Грациан сперва проводил подобную политику, поскольку в начальный период он находился под влиянием поэта Осония, чья христианская вера не была фанатичной. Но новая фаза началась, когда в 397 г. он назначил Феодосия I своим коллегой, императором Востока.
Во-первых, Грациан отказался вступать в какие-либо отношения со старым традиционным языческим духовенством, чего никогда не допускал его новый коллега. Затем Грациан решил убрать из здания сената языческую статую Победы. Рассматривавшаяся сановниками-язычниками как серьезная угроза их традициям и вере, эта акция спровоцировала в течение последующих трех лет серию известных ораторских дуэлей между Сим-махом, известнейшим язычником того времени, и наиболее выдающимся христианином, Амвросием, епископом из Медиола-на (Милана).
Дискуссия проводилась в рамках внешних приличий. «Каждый, — заявлял Симмах, — имеет свои собственные привычки, свою собственную религию. Любовь к обычаям велика. Мы просим восстановить культ в его прежнем виде, который был так благотворен для Римского государства в течение столь долгого времени. Нельзя достичь великой истины только на одном пути». Это отрицание христианского призыва к универсальности должным образом опровергалось Амвросием, который настаивал на том, что император должен «делать то, что наилучшим образом приведет его к спасению в глазах Господа». Его точка зрения победила, и статуя была удалена из здания сената. Это было тяжелейшим поражением язычества.

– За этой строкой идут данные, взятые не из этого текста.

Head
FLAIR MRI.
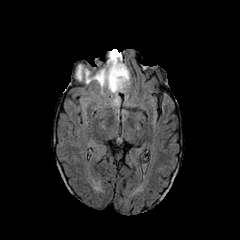
T1-weighted MR.
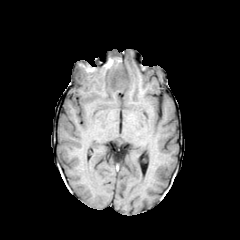
Post-contrast T1-weighted MR image.
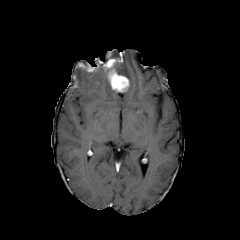
T2-weighted magnetic resonance.
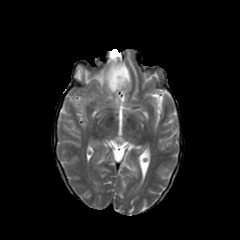
{"edema": ["74:64:126:106", "116:62:131:84"], "non-enhancing_tumor_core": ["111:49:120:58", "114:63:127:77", "90:62:109:84"], "enhancing_tumor": ["103:51:129:91"]}
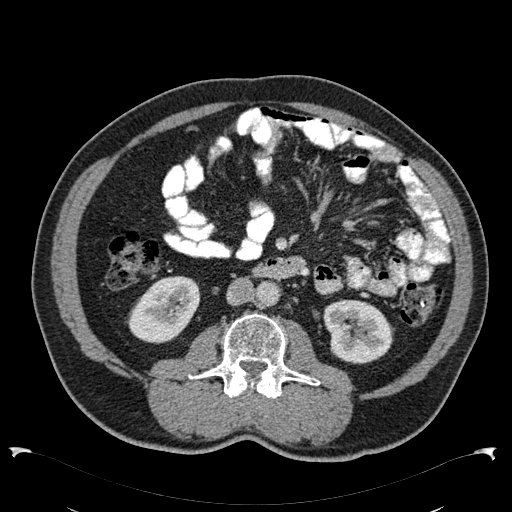
512x512, CT image, Abdomen
2 kidney regions appear at region(324, 300, 392, 363); region(128, 276, 199, 343).
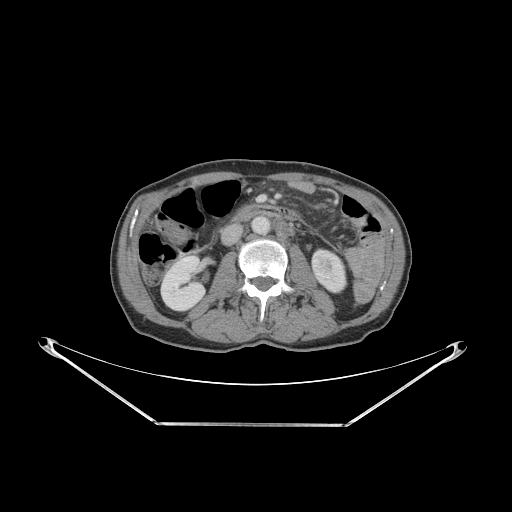

CT image | 512x512 px
<segmentation>
  <bone>bbox(239, 240, 291, 319)</bone>
  <kidney>bbox(312, 250, 345, 291); bbox(161, 256, 204, 310)</kidney>
</segmentation>

Амвросий также нападал на смешанные браки между христианами и язычниками, ссылаясь на союз между Самсоном и Далилой. В то же время Симмах должен был спорить с лириком Пруденцием, который так оптимистически описывал христианский Рим, что создавалось куда более яркое впечатление, чем от собственного меланхолического и ностальгического изложения Симмаха. Более того, Пруденций остроумно отвечал своим оппонентам-традиционалистам, аргументируя тем, что изменение веры не отрицает римский дух. Это был конструктивный подход, и Пруденций, христианин, глубоко, мудро оценивая старый Рим, был временами ближе, чем кто-либо еще к духовному взаимопониманию между христианами и язычниками. Но этому взаимопониманию не суждено было развиваться, поскольку христианский режим не чувствовал, что его кажущаяся устойчивость в любой момент может обрушиться.
Одну опасность этот режим постоянно держал в уме — вероотступничество, объект шести суровых законов в течение пятнадцати лет. Самые жесткие меры предпринимались Феодосием I. В благодарность за примирение с Амвросием он повсеместно запретил любые языческие богослужения, а в 381 г. были запрещены даже посещения храмов. В следующем году, сразу после смерти соратника Феодосия — императора Валентиниана II, произошли события, которые еще более ужесточили отношение к язычникам. Дело в том, что узурпатор Евгений, захвативший трон Запада, хотя и был номинально христианином, но настолько равнодушным верующим, что его восшествие на престол зажгло свет надежды в сердцах язычников Рима.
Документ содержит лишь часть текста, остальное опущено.